**Exercise directions**:
After finding the line with "FILE_NAME('tmp0.STP',' ',(' '),('" in the data below, set down exactly each line through the one with "Volume: 43692.3 mm3;", inclusive, and stop there.

:: Records for the exercise ::

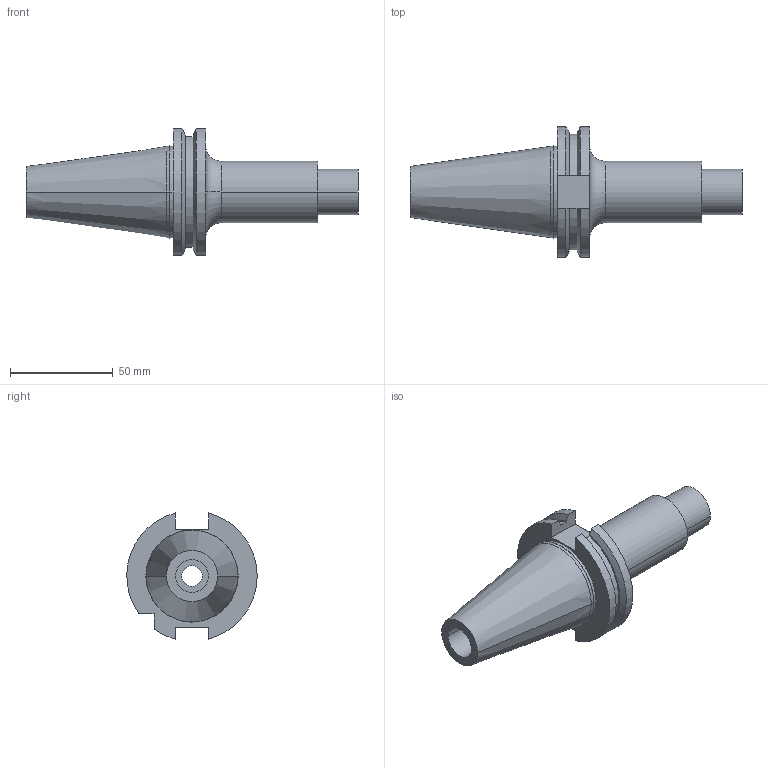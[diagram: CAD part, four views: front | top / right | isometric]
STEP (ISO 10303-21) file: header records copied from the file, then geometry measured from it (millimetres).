
FILE_DESCRIPTION((''),'2;1');
FILE_NAME('84424103','2020-01-28T10:06:10',('Thiemer'),(''),'CREO PARAMETRIC BY PTC INC, 2018400','CREO PARAMETRIC BY PTC INC, 2018400','');
FILE_SCHEMA(('AUTOMOTIVE_DESIGN { 1 0 10303 214 1 1 1 1 }'));
Length unit declared in the file: millimetre
Products named in the file (1): 84424103
Bounding box: 161.7 x 63.54 x 61.48 mm (x, y, z)
Volume: 143968 mm3; surface area: 28751.2 mm2
Topology: 1 solids, 1 shells, 57 faces, 141 edges, 92 vertices
Faces by surface type: plane 22, cylinder 21, cone 12, torus 2
Entity records: 2691 total; most frequent: CARTESIAN_POINT 362, DIRECTION 349, ORIENTED_EDGE 282, PRESENTATION_STYLE_ASSIGNMENT 169, STYLED_ITEM 169, CURVE_STYLE 168, EDGE_CURVE 141, AXIS2_PLACEMENT_3D 135
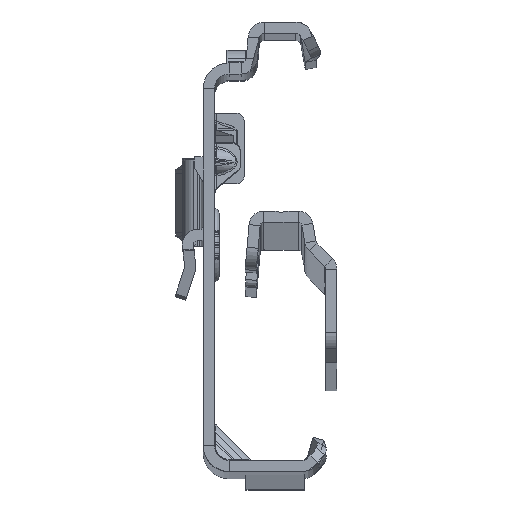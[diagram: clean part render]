
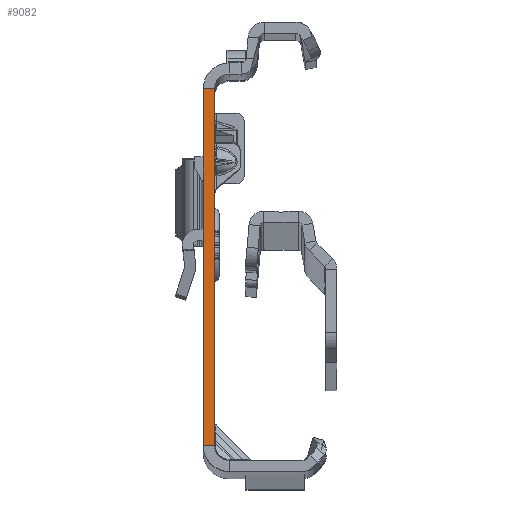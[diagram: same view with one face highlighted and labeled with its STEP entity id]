
A CAD part, top view. The second image highlights one B-rep face of the part: STEP entity #9082.
In plain terms, the highlighted planar face has unit normal (0, 0, 1).
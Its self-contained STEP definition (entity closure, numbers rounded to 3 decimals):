
#27 = ORIENTED_EDGE ( 'NONE', *, *, #24397, .T. ) ;
#1387 = VERTEX_POINT ( 'NONE', #22814 ) ;
#6930 = DIRECTION ( 'NONE',  ( 1., 0., 0. ) ) ;
#7538 = DIRECTION ( 'NONE',  ( 0., -1., 0. ) ) ;
#8336 = VECTOR ( 'NONE', #7538, 1000. ) ;
#9082 = ADVANCED_FACE ( 'NONE', ( #40685 ), #41503, .T. ) ;
#9868 = LINE ( 'NONE', #14028, #28587 ) ;
#13419 = VECTOR ( 'NONE', #24898, 1000. ) ;
#14028 = CARTESIAN_POINT ( 'NONE',  ( 0., -25.865, 0. ) ) ;
#14367 = LINE ( 'NONE', #15201, #36083 ) ;
#15201 = CARTESIAN_POINT ( 'NONE',  ( -1.5, -27.865, 0. ) ) ;
#16046 = CARTESIAN_POINT ( 'NONE',  ( -1.5, -27.865, 0. ) ) ;
#17795 = CARTESIAN_POINT ( 'NONE',  ( -1.5, 22.135, 0. ) ) ;
#22814 = CARTESIAN_POINT ( 'NONE',  ( 0., -25.865, 0. ) ) ;
#24068 = CARTESIAN_POINT ( 'NONE',  ( 0., 22.135, 0. ) ) ;
#24397 = EDGE_CURVE ( 'NONE', #26761, #27318, #14367, .T. ) ;
#24898 = DIRECTION ( 'NONE',  ( -1., 0., 0. ) ) ;
#25468 = CARTESIAN_POINT ( 'NONE',  ( -1.5, -25.865, 0. ) ) ;
#26001 = LINE ( 'NONE', #28591, #8336 ) ;
#26761 = VERTEX_POINT ( 'NONE', #17795 ) ;
#27318 = VERTEX_POINT ( 'NONE', #25468 ) ;
#28587 = VECTOR ( 'NONE', #47556, 1000. ) ;
#28591 = CARTESIAN_POINT ( 'NONE',  ( 0., -27.865, 0. ) ) ;
#28797 = EDGE_LOOP ( 'NONE', ( #53289, #33608, #27, #39242 ) ) ;
#29048 = LINE ( 'NONE', #24068, #13419 ) ;
#31518 = EDGE_CURVE ( 'NONE', #38560, #26761, #29048, .T. ) ;
#32739 = EDGE_CURVE ( 'NONE', #1387, #27318, #9868, .T. ) ;
#33608 = ORIENTED_EDGE ( 'NONE', *, *, #31518, .T. ) ;
#34432 = EDGE_CURVE ( 'NONE', #38560, #1387, #26001, .T. ) ;
#35142 = DIRECTION ( 'NONE',  ( 0., -1., 0. ) ) ;
#36083 = VECTOR ( 'NONE', #35142, 1000. ) ;
#38560 = VERTEX_POINT ( 'NONE', #41530 ) ;
#39242 = ORIENTED_EDGE ( 'NONE', *, *, #32739, .F. ) ;
#40685 = FACE_OUTER_BOUND ( 'NONE', #28797, .T. ) ;
#41503 = PLANE ( 'NONE',  #43137 ) ;
#41530 = CARTESIAN_POINT ( 'NONE',  ( 0., 22.135, 0. ) ) ;
#43137 = AXIS2_PLACEMENT_3D ( 'NONE', #16046, #49878, #6930 ) ;
#47556 = DIRECTION ( 'NONE',  ( -1., 0., 0. ) ) ;
#49878 = DIRECTION ( 'NONE',  ( 0., 0., 1. ) ) ;
#53289 = ORIENTED_EDGE ( 'NONE', *, *, #34432, .F. ) ;
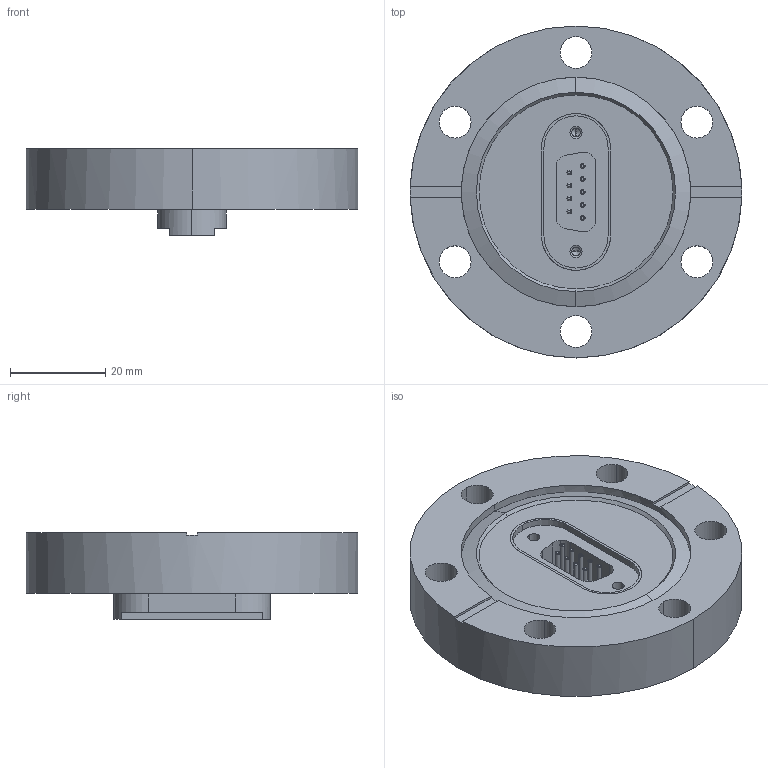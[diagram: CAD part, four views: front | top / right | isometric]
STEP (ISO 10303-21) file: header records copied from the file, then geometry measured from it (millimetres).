
FILE_DESCRIPTION(('STEP AP214'),'1');
FILE_NAME('tmp0.STP',' ',(' '),(' '),'XStep 1.0',' ',' ');
FILE_SCHEMA(('automotive_design'));
Length unit declared in the file: millimetre
Bounding box: 69.8 x 69.8 x 18.2 mm (x, y, z)
Volume: 43692.3 mm3; surface area: 15561.3 mm2
Topology: 2 solids, 2 shells, 203 faces, 470 edges, 288 vertices
Faces by surface type: cylinder 96, plane 51, torus 36, cone 20
Entity records: 7475 total; most frequent: DIRECTION 1152, CARTESIAN_POINT 955, ORIENTED_EDGE 924, AXIS2_PLACEMENT_3D 485, EDGE_CURVE 462, VERTEX_POINT 288, CIRCLE 280, EDGE_LOOP 242
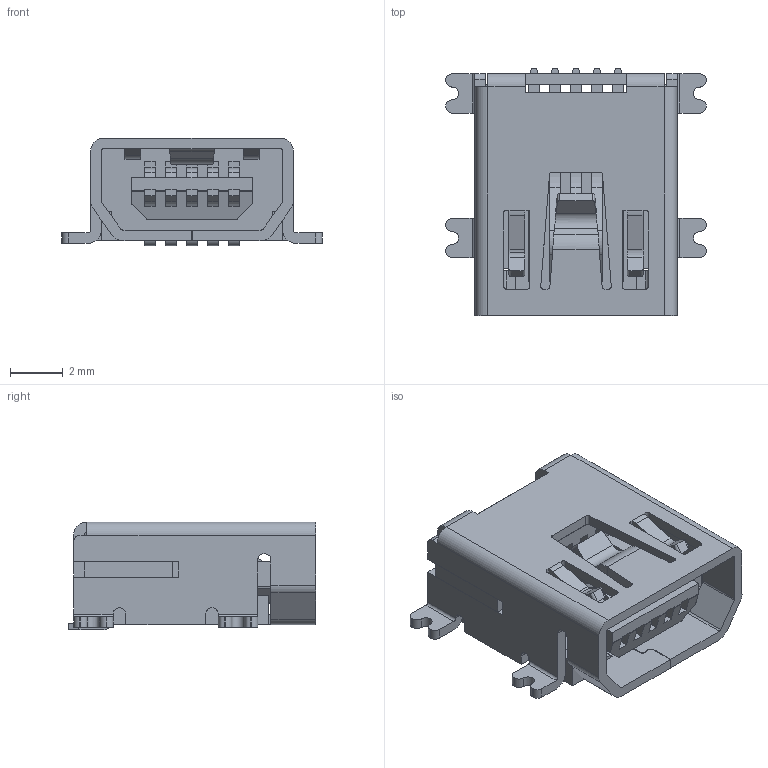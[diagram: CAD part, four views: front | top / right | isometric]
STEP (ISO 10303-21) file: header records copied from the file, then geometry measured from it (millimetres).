
FILE_DESCRIPTION (( 'STEP AP214' ), '1' );
FILE_NAME ('651305142821.STEP', '2021-05-25T08:16:40', ( '' ), ( '' ), 'SwSTEP 2.0', 'SolidWorks 2018', '' );
FILE_SCHEMA (( 'AUTOMOTIVE_DESIGN' ));
Length unit declared in the file: millimetre
Products named in the file (9): Insulator.stp; Shielding.stp; 651305142821; 651305142821_Download_STP_651305142821_rev1.stp; Pins-3.stp; Pins-2.stp; Pins-1.stp; Pins-0.stp; Pins.stp
Assembly tree (8 placements, depth 3):
  651305142821
    651305142821_Download_STP_651305142821_rev1.stp
      Shielding.stp
      Insulator.stp
      Pins.stp
      Pins-0.stp
      Pins-1.stp
      Pins-2.stp
      Pins-3.stp
Bounding box: 9.9 x 9.4 x 4.1 mm (x, y, z)
Volume: 150.3 mm3; surface area: 753.2 mm2
Topology: 7 solids, 7 shells, 488 faces, 1422 edges, 930 vertices
Faces by surface type: plane 308, cylinder 174, bspline 4, sphere 2
Entity records: 16516 total; most frequent: CARTESIAN_POINT 2954, ORIENTED_EDGE 2840, DIRECTION 2736, EDGE_CURVE 1420, LINE 1072, VECTOR 1072, VERTEX_POINT 930, AXIS2_PLACEMENT_3D 832
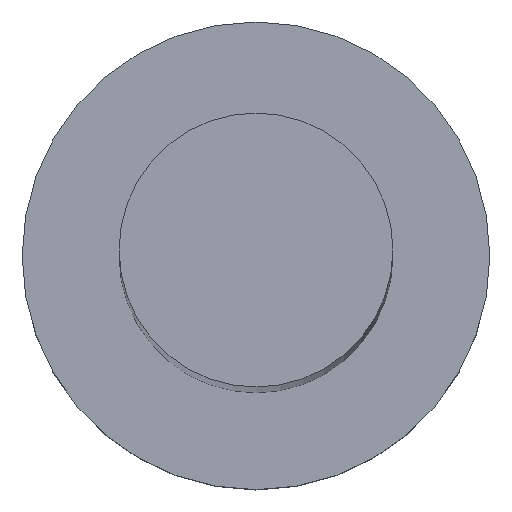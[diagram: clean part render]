
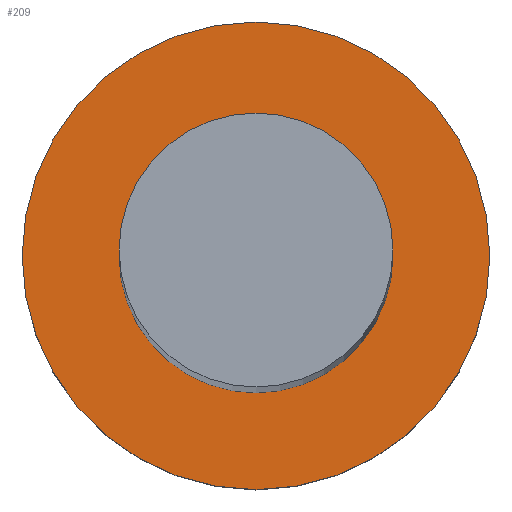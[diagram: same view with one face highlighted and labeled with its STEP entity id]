
A CAD part, top view. The second image highlights one B-rep face of the part: STEP entity #209.
In plain terms, the highlighted planar face has unit normal (0, 0, 1).
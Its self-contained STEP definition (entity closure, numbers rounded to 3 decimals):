
#1 = CIRCLE ( 'NONE', #178, 4.1 ) ;
#9 = ORIENTED_EDGE ( 'NONE', *, *, #170, .T. ) ;
#12 = CIRCLE ( 'NONE', #14, 4.1 ) ;
#14 = AXIS2_PLACEMENT_3D ( 'NONE', #43, #62, #199 ) ;
#16 = CARTESIAN_POINT ( 'NONE',  ( -4.1, 0., 5. ) ) ;
#19 = DIRECTION ( 'NONE',  ( 0., 0., 1. ) ) ;
#23 = VERTEX_POINT ( 'NONE', #220 ) ;
#30 = EDGE_CURVE ( 'NONE', #174, #23, #12, .T. ) ;
#39 = VERTEX_POINT ( 'NONE', #244 ) ;
#43 = CARTESIAN_POINT ( 'NONE',  ( 0., 0., 5. ) ) ;
#46 = ORIENTED_EDGE ( 'NONE', *, *, #30, .F. ) ;
#57 = FACE_OUTER_BOUND ( 'NONE', #73, .T. ) ;
#62 = DIRECTION ( 'NONE',  ( 0., 0., 1. ) ) ;
#71 = DIRECTION ( 'NONE',  ( 1., 0., 0. ) ) ;
#73 = EDGE_LOOP ( 'NONE', ( #9, #202 ) ) ;
#83 = EDGE_LOOP ( 'NONE', ( #46, #145 ) ) ;
#88 = CIRCLE ( 'NONE', #167, 7. ) ;
#96 = CARTESIAN_POINT ( 'NONE',  ( 0., 0., 5. ) ) ;
#100 = AXIS2_PLACEMENT_3D ( 'NONE', #231, #137, #210 ) ;
#109 = CIRCLE ( 'NONE', #237, 7. ) ;
#114 = DIRECTION ( 'NONE',  ( 1., 0., 0. ) ) ;
#118 = CARTESIAN_POINT ( 'NONE',  ( 7., 0., 5. ) ) ;
#134 = EDGE_CURVE ( 'NONE', #23, #174, #1, .T. ) ;
#137 = DIRECTION ( 'NONE',  ( 0., 0., 1. ) ) ;
#145 = ORIENTED_EDGE ( 'NONE', *, *, #134, .F. ) ;
#155 = PLANE ( 'NONE',  #100 ) ;
#167 = AXIS2_PLACEMENT_3D ( 'NONE', #96, #19, #255 ) ;
#170 = EDGE_CURVE ( 'NONE', #39, #226, #109, .T. ) ;
#174 = VERTEX_POINT ( 'NONE', #16 ) ;
#175 = DIRECTION ( 'NONE',  ( 0., 0., 1. ) ) ;
#178 = AXIS2_PLACEMENT_3D ( 'NONE', #234, #250, #114 ) ;
#187 = CARTESIAN_POINT ( 'NONE',  ( 0., 0., 5. ) ) ;
#199 = DIRECTION ( 'NONE',  ( 1., 0., 0. ) ) ;
#202 = ORIENTED_EDGE ( 'NONE', *, *, #238, .T. ) ;
#209 = ADVANCED_FACE ( 'NONE', ( #236, #57 ), #155, .T. ) ;
#210 = DIRECTION ( 'NONE',  ( 1., 0., 0. ) ) ;
#220 = CARTESIAN_POINT ( 'NONE',  ( 4.1, 0., 5. ) ) ;
#226 = VERTEX_POINT ( 'NONE', #118 ) ;
#231 = CARTESIAN_POINT ( 'NONE',  ( 0., 0., 5. ) ) ;
#234 = CARTESIAN_POINT ( 'NONE',  ( 0., 0., 5. ) ) ;
#236 = FACE_BOUND ( 'NONE', #83, .T. ) ;
#237 = AXIS2_PLACEMENT_3D ( 'NONE', #187, #175, #71 ) ;
#238 = EDGE_CURVE ( 'NONE', #226, #39, #88, .T. ) ;
#244 = CARTESIAN_POINT ( 'NONE',  ( -7., 0., 5. ) ) ;
#250 = DIRECTION ( 'NONE',  ( 0., 0., 1. ) ) ;
#255 = DIRECTION ( 'NONE',  ( 1., 0., 0. ) ) ;

:::

**Exercise answer**:
FILE_NAME('tmp0.STP',' ',(' '),(' '),'XStep 1.0',' ',' ');
FILE_SCHEMA(('automotive_design'));
Length unit declared in the file: millimetre
Bounding box: 69.8 x 69.8 x 18.2 mm (x, y, z)
Volume: 43692.3 mm3; surface area: 15561.3 mm2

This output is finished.